6. Once we’ve got both the navigation controller and the view controller all tied together, we need to actually make the application load navigationController1 instead of viewController1 (remember, viewController1 is contained within navigationController1) so change the line:
self.tabBarController.viewControllers = [NSArray arrayWithObjects:viewController1, viewController2, nil];
To the following:
self.tabBarController.viewControllers = [NSArray arrayWithObjects:navigationController1, viewController2, nil];
7. Now, if you were to run your application, you’ll notice that you now have a wonderful navigation bar at the top of the interface, this is the navigation controller we just created.
8. Now, in the Project Navigator (the sidebar on the left of Xcode), open up FirstViewController.xib — this is the graphical representation of the our interface and we can add objects and whatnot to it without having to code a single thing. However, we’re going to add a ‘fake’ navigation bar to the interface so we know the constraints we now have similar to the tab bar at the bottom.

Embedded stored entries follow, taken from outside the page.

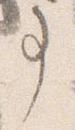
事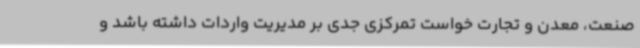
صنعت، معدن و تجارت خواست تمرکزی جدی بر مدیریت واردات داشته باشد و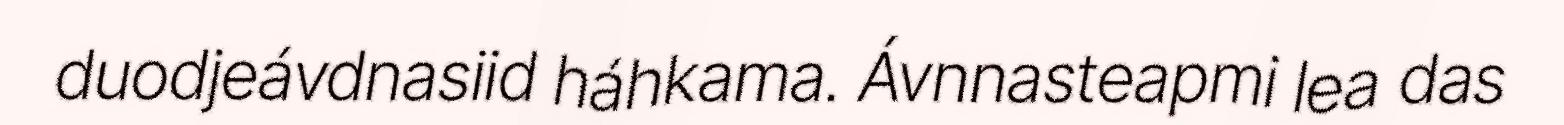
duodjeávdnasiid háhkama. Ávnnasteapmi lea das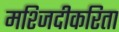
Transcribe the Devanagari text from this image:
मश्जिदीकरिता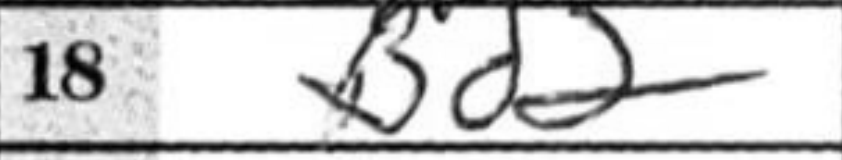
Transcription: Bd2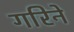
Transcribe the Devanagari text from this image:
गरिने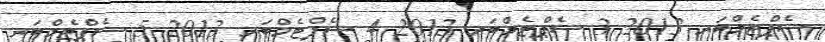
ސެޕްޓެމްބަރ 2013 3 ސެޕްޓެމްބަރ 2013 4 ސެޕްޓެމްބަރ 2013 5 ސެޕްޓެމްބަރ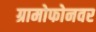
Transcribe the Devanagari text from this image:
ग्रामोफोनवर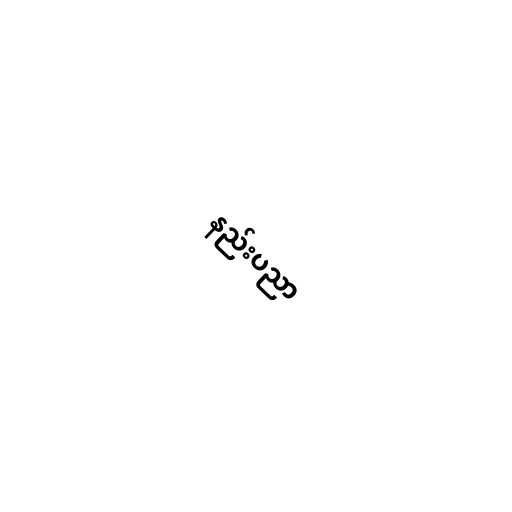
နည်းပညာ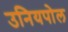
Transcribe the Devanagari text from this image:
उनियपोल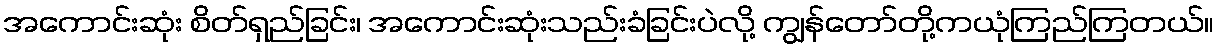
အကောင်းဆုံး စိတ်ရှည်ခြင်း၊ အကောင်းဆုံးသည်းခံခြင်းပဲလို့ ကျွန်တော်တို့ကယုံကြည်ကြတယ်။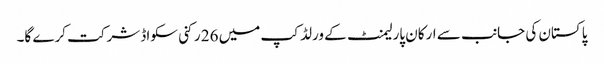
پاکستان کی جانب سے ارکان پارلیمنٹ کے ورلڈ کپ میں 26 رکنی سکواڈ شرکت کرے گا۔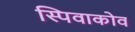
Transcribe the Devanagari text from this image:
स्पिवाकोव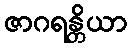
ဇာဂရန္တိယာ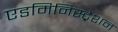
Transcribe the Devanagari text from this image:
एडमिनिस्‍ट्रेशन

To do this, in the right-hand side bar with the view selected, change top bar to from ’None’ to ‘Navigation Bar’ and you’ll see that the bar is added to your interface — again, this isn’t the actual navigation bar, just something that shows you where the navigation bar will be for convenience when you’re laying out your interface.
Adding a UIBarButton
So far, we’ve made a tab bar application, created a UINavigationController and placed a UIViewController within it. Now we’re going to add the button to the navigation bar and make the button perform a method of some sort. For this tutorial, we’ll just display some text within the Console but feel free to use any method you can think of and play around with it.

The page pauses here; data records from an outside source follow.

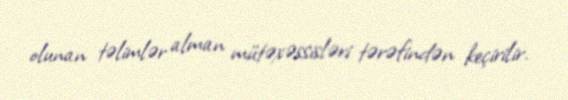
olunan təlimlər alman mütəxəssisləri tərəfindən keçirilir.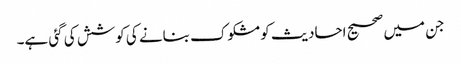
جن میں صحیح احادیث کو مشکوک بنانے کی کوشش کی گئی ہے۔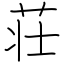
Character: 荘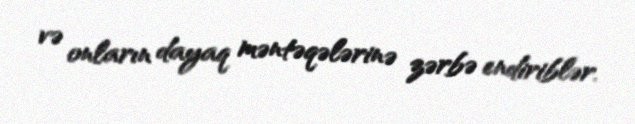
və onların dayaq məntəqələrinə zərbə endiriblər.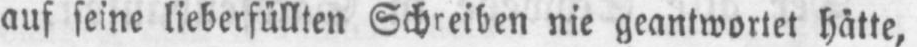
nie geantwortet hätte,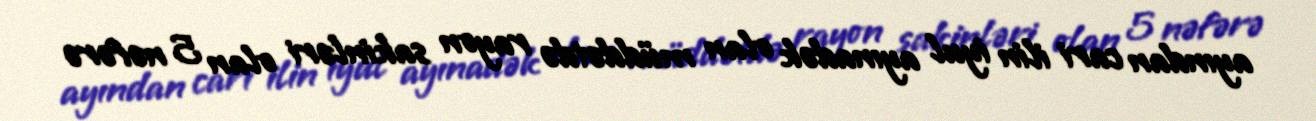
ayından cari ilin iyul ayınadək olan müddətdə rayon sakinləri olan 5 nəfərə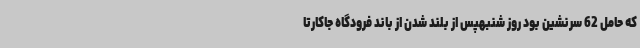
که حامل 62 سرنشین بود روز شنبهپس از بلند شدن از باند فرودگاه جاکارتا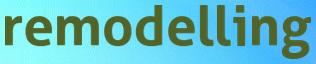
remodelling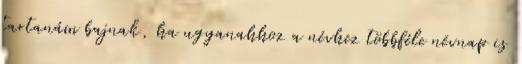
tartanám bajnak, ha ugyanahhoz a névhez többféle névnap is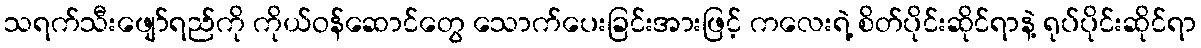
သရက်သီးဖျော်ရည်ကို ကိုယ်ဝန်ဆောင်တွေ သောက်ပေးခြင်းအားဖြင့် ကလေးရဲ့ စိတ်ပိုင်းဆိုင်ရာနဲ့ ရုပ်ပိုင်းဆိုင်ရာ

1. Select FirstViewController.m from the Project Navigator and within the -(void)viewDidLoad, add the following code:
self.navigationItem.rightBarButtonItem = [[UIBarButtonItem alloc] initWithBarButtonSystemItem:UIBarButtonSystemItemBookmarks target:self action:@selector(print_Message)];
Add this code below [super viewDidLoad]; Here what we’re doing is adding a UIBarButton to the UINavigationBar within the UINavigationController we created earlier and we’re also saying that we’re going call the print_Message method when the button is tapped.
2. Now that we’ve added that, we need to actually write what print_Message does. To do this, underneath the closing curly brace of -(void)viewDidLoad, add the following:
NSLog(@"Eh up, someone just pressed the button!");
3. Here, we’re creating a new method and this will be run each time the user presses the button in the navigation bar and then we use NSLog to display a message within the console. In this case the message is “Eh up, someone just pressed the button!”, feel free to add your own functions and whatnot here.
4. Now, if you were to run your application, you’ll see that not only does the button appear in the navigation but the text is printed within the Console when you tap the button.
Customizing the Button
Having a button run a method is great but wouldn’t it be better to change the colour of the button depending on the colour of the navigation bar or better yet, change the actual icon of the button?
1. First, we’ll change the button’s icon — to change the icon, we’re going to have to edit the declaration code within viewDidLoad and change UIBarButtonSystemItemBookmarks to something else, for example: UIBarButtonSystemItemAdd. This changes the icon from a bookmark icon to a ‘+’ sign — you can play around with the different buttons and also mess around with autocomplete in Xcode and see what you can find.
2. Next, we’ll change the colour of the button in relation to the navigation bar. For this we’re going to change the bar’s background colour. To do this open AppDelegate.h and just under the declaration we wrote earlier creating the navigation controller, add the following code:
navigationController1.navigationBar.tintColor = [[UIColor alloc] initWithRed:24.0 / 255 green:40.0 / 255 blue:71.0 / 255 alpha:1.0];
3. Again, feel free to toy around with the values, but now if you run the app, you’ll see you have your new icon along with the change of background. Nice!